As we rebuilt and repaired perimeter fences we gradually added a third wire. Dad did buy a few spools of new wire (80 rods to a spool and two spools to the half mile) but most of the wire was stuff he bought at auctions. Not always in the best condition and constantly needing mending. Working with barbed wire was somewhat hazardous. I always wore jeans, a long sleeve heavy work shirt, and leather gloves. My tan stopped at my collar.

In the early 60s dad cut the top off a 53 Chev sedan, took the back seat out and made it into our fence mending truck. It got about 15 miles to the quart of used oil and you could not turn it off or it would not start for a few hours. After idling for 30 minutes while I repaired a stretch of fence, it would blow a smoke screen that would hide the Queen Mary. The dog used to swim in a slough while I fixed fence and when I would rev the motor he would come running, up through the back and over the seat into the front, then lie on my lap. 
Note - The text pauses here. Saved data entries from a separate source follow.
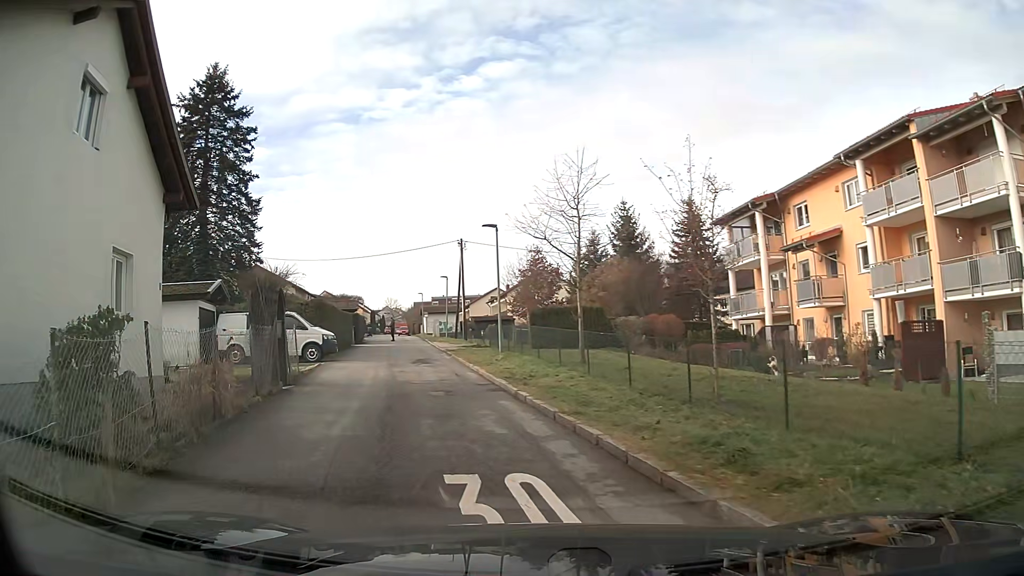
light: Day
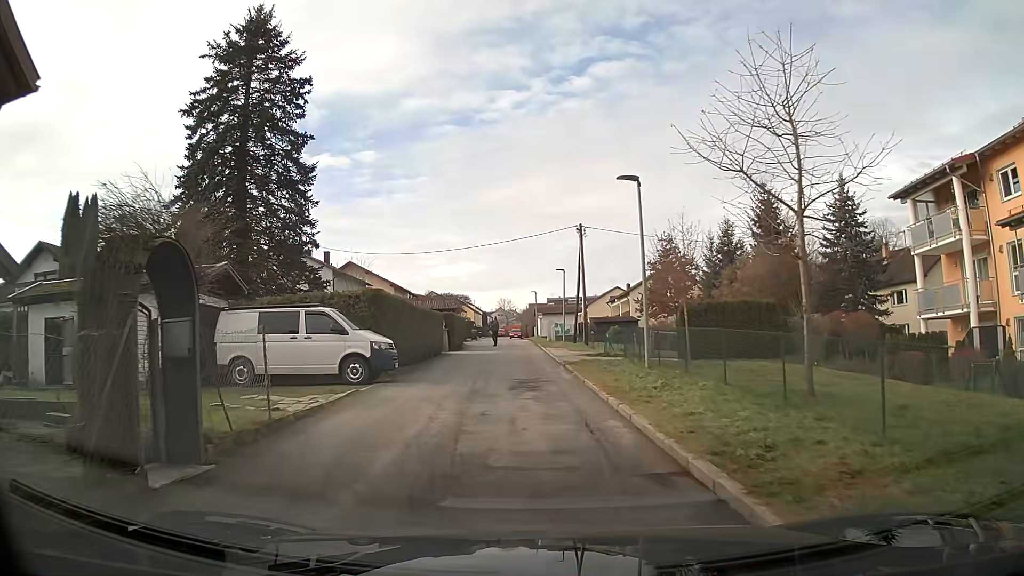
(-0.9, +9.2) m; -9°
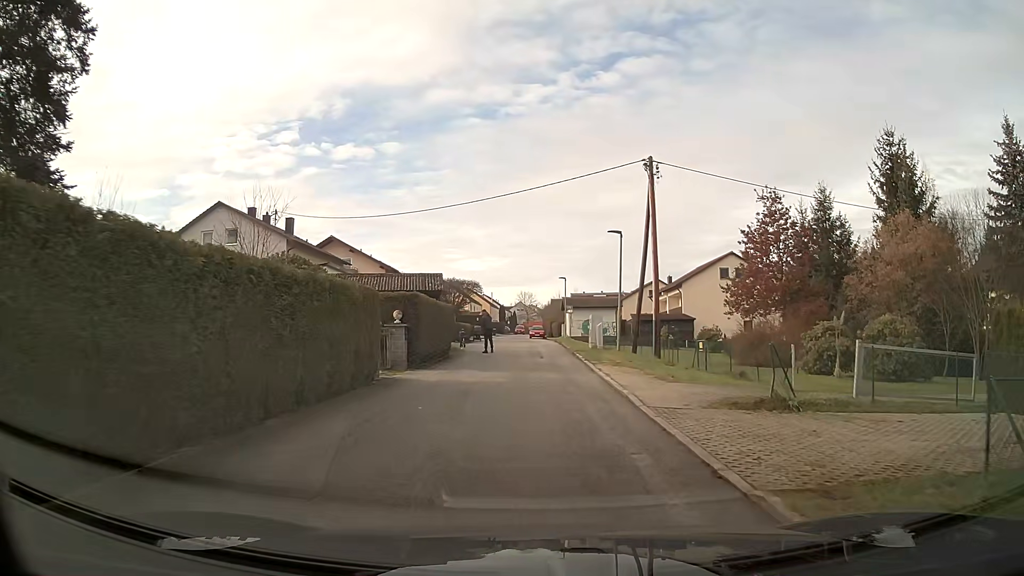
(-0.3, +18.5) m; -1°
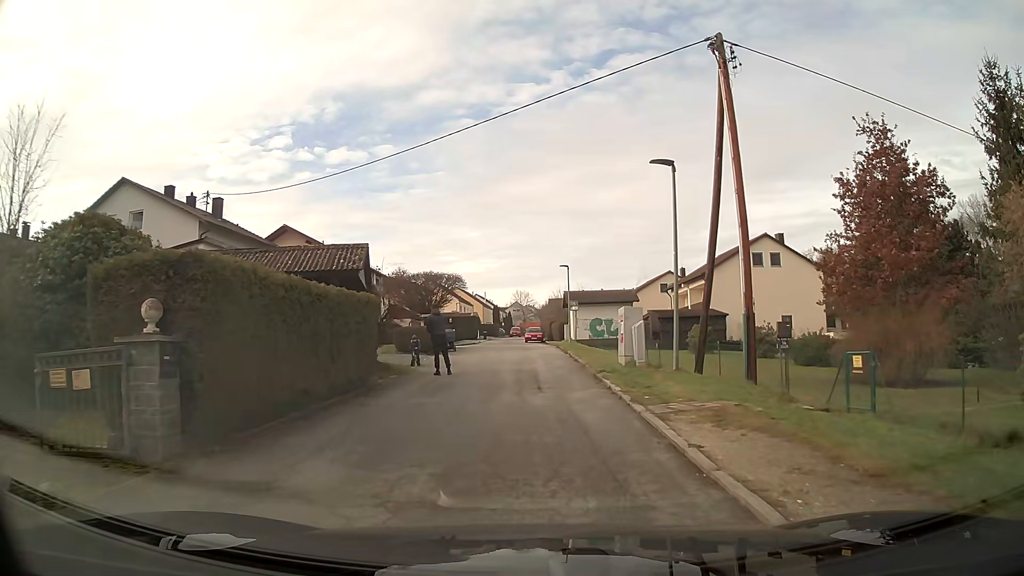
(0.0, +12.4) m; -1°
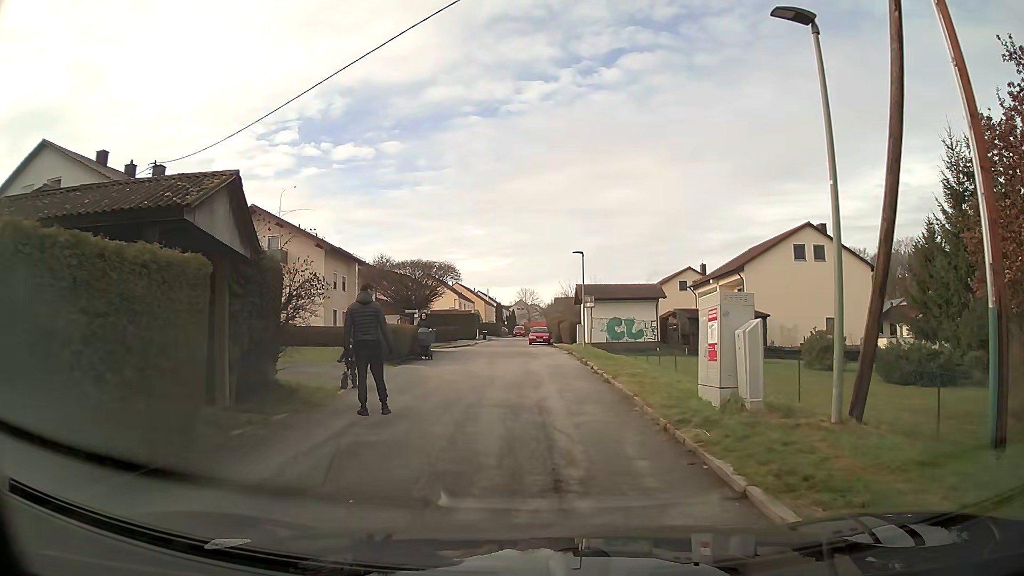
(0.0, +8.6) m; 0°
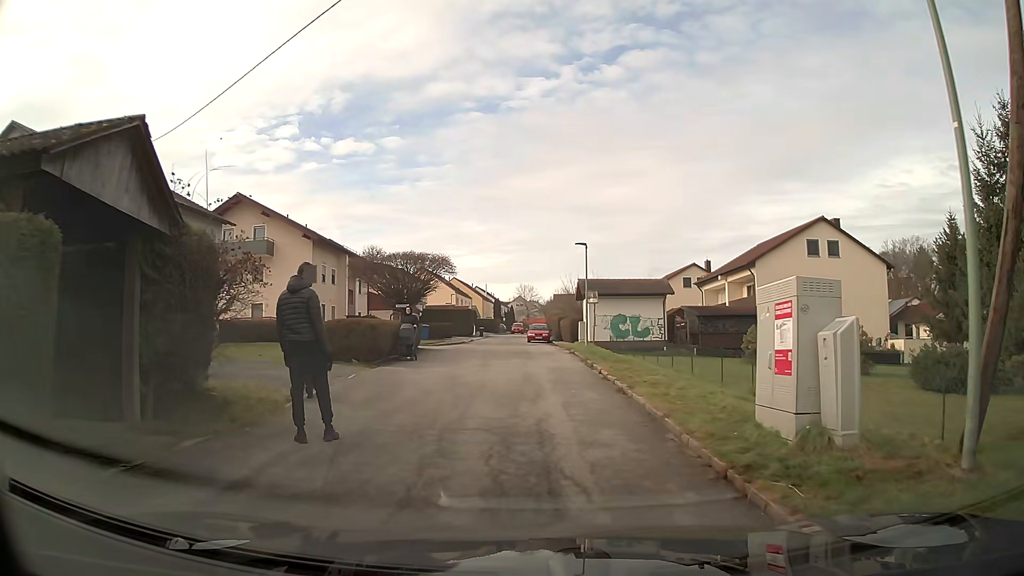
(0.0, +2.7) m; 0°
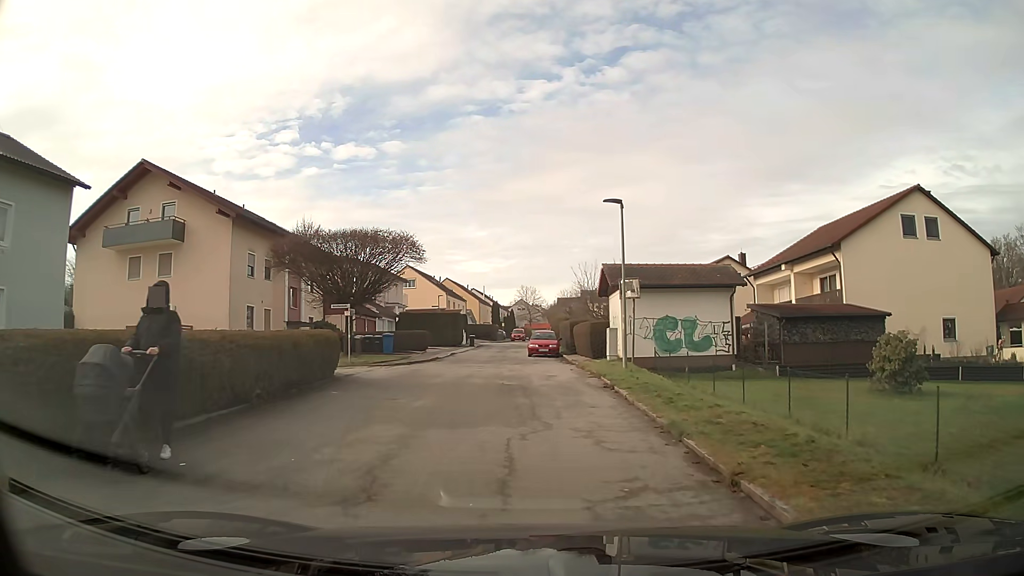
(+0.1, +13.7) m; 0°
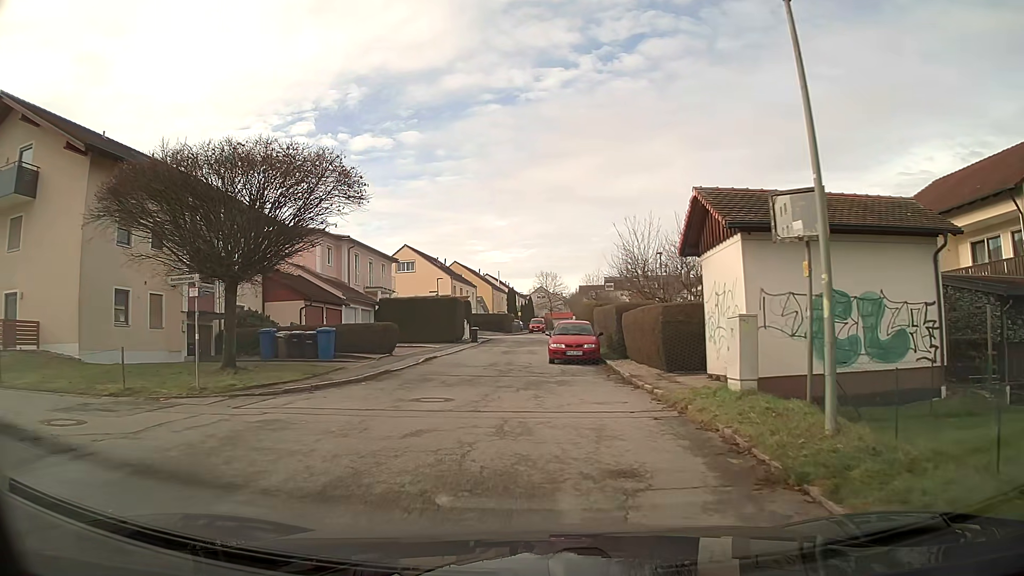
(-0.2, +14.1) m; -3°
(-1, +10) (-1, +20) (0, +30) (+1, +40) (+2, +50) (+2, +60) (-6, +65) (-16, +68) (-25, +70) (-35, +73) m

Willow pickets were getting hard to come by and times must have been better as dad bought a post pounder that mounted on the front of the tractor. Then we bought commercial pressure treated 3" to 4" pickets and 6" posts from Glaslyn and our fences started to look professional. I drove the tractor and dad sighted in and pounded the posts. The post had to be held to keep it straight while it was being driven into the ground. One day dad absently minded held the post too near the top and the driver took a nice bite out of his glove and some of his finger and thumb. He got it stitched up and it was not too bad. I did the same thing at Cumberland House many years later but I got really lucky. It just wrecked the glove and missed my hand. Farm accidents are caused by carelessness!!!

In the early 60s dad rented and eventually bought another 3 quarter sections: 2 cultivated and 1 prairie, adding another 5 miles of perimeter fencing. 
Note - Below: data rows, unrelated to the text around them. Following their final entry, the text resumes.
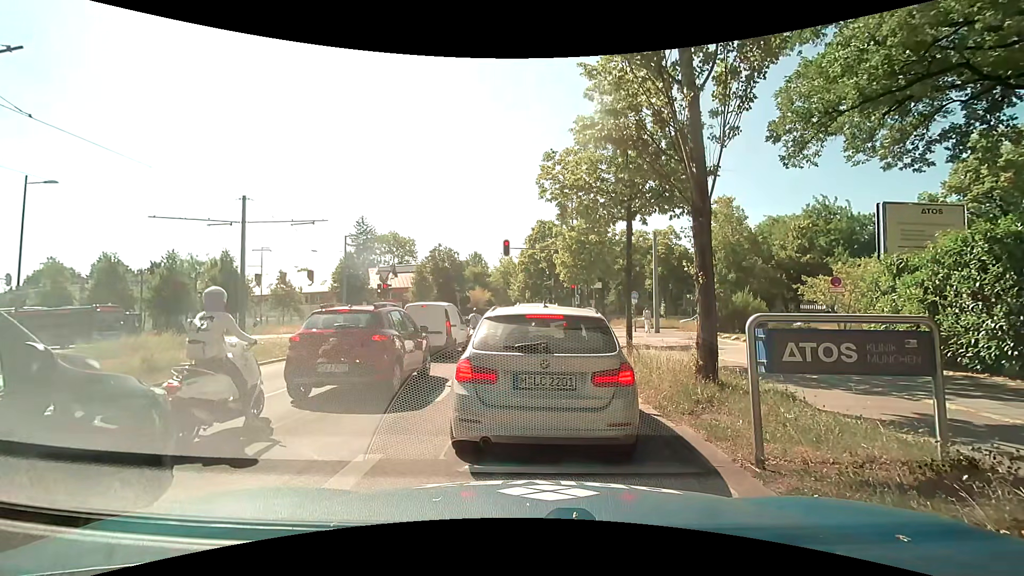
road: secondary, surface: asphalt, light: Day
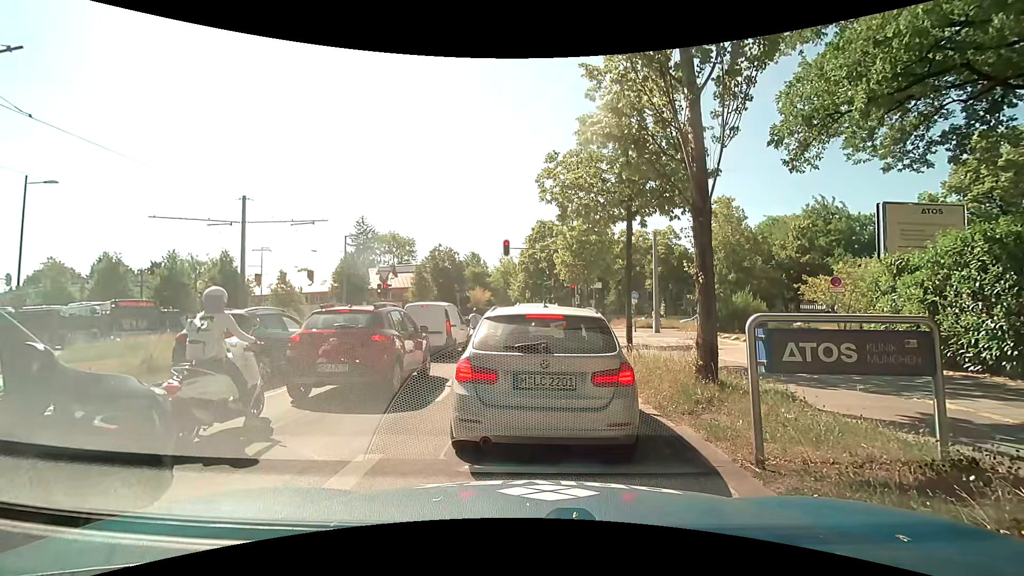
(0.0, 0.0) m; 0°
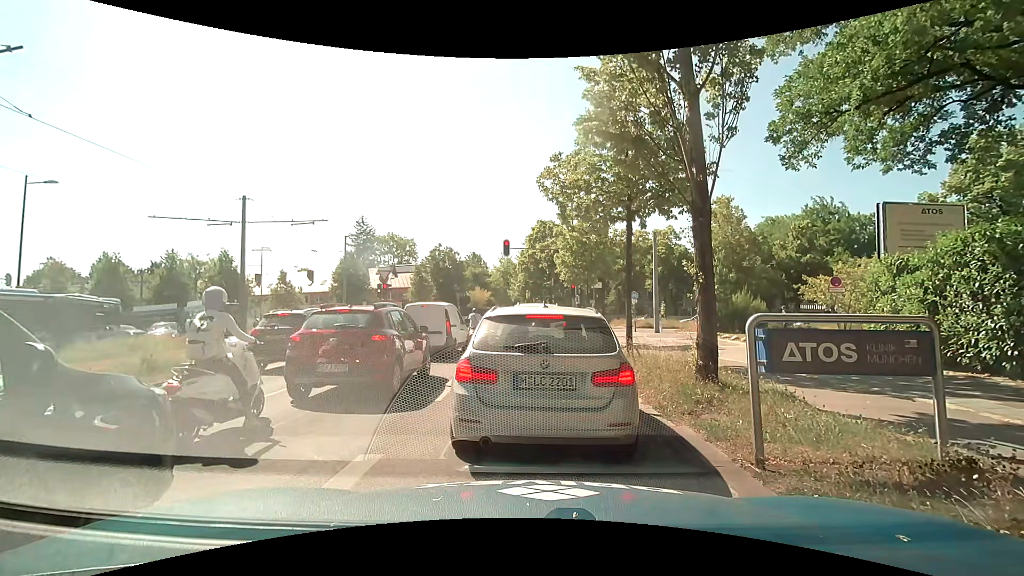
(0.0, 0.0) m; 0°
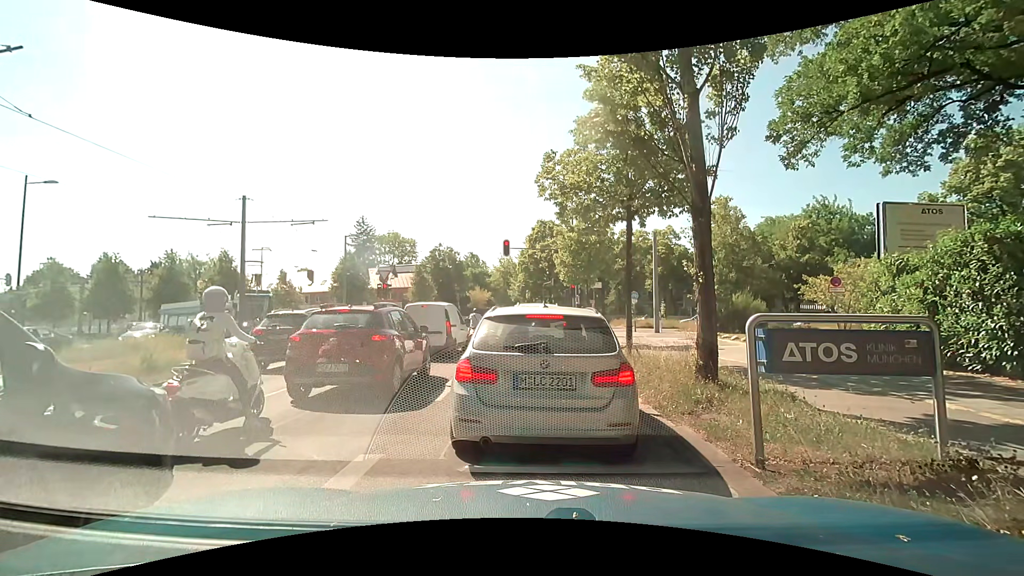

A word about barbed wire gates. The wires were always loose, no matter how often they were rebuilt. From one of our cultivated quarters there was a 1 mile trail through the pasture with a wire gate at each end. Dad had bought a used 1 ton at an auction that had no brakes. Coming through the pasture meant he could avoid the roads. One fall, I had JUST fixed both wire gates and dad decided to drive the grey truck home with a load of wheat. He forgot to slow down so he could stop and drove through the first gate. By the time he got to the second gate, he forgot to slow down again and drove through it too. MURDER was too good for him. 

Dad sold the cattle in the fall of 1982. He was 60 years old, it had snowed in late September, he had no winter feed ready and he was tired. Since that time, the fences have fallen into disrepair except for those around the pasture area which was rented out for grazing. The unused fences desperately need to be torn down and the wire rolled up and scrapped. There is nothing worse than old barbed wire lying around to catch and injure animals. We had a horse get wrapped in old wire and  though she was stitched up and doctored, she never healed and was no longer rideable.

Three strand wire fence, showing proper wire spacing

Three strand wire with good posts.

A barbed wire gate in the usual disrepair

Typical wire gate, closed with a rope tie

Corner post, built right but a bit worse for wear

This abandoned fence needs to be torn down and cleaned up

Front mounted driver. The heavy steel weight is raised by hydraulic
and then suddenly dropped onto the sharpened post

Sorry for not using metric units but once you are off the highways it is Imperial Units all the way. Land was surveyed in Imperial units of rods and miles. It is bought and sold by the 160 acre parcel called a quarter section (1/2 mile by 1/2 mile, with 4 quarters making up a section. Grains and oilseeds are harvested and stored in bushels even though they are sold in tonnes.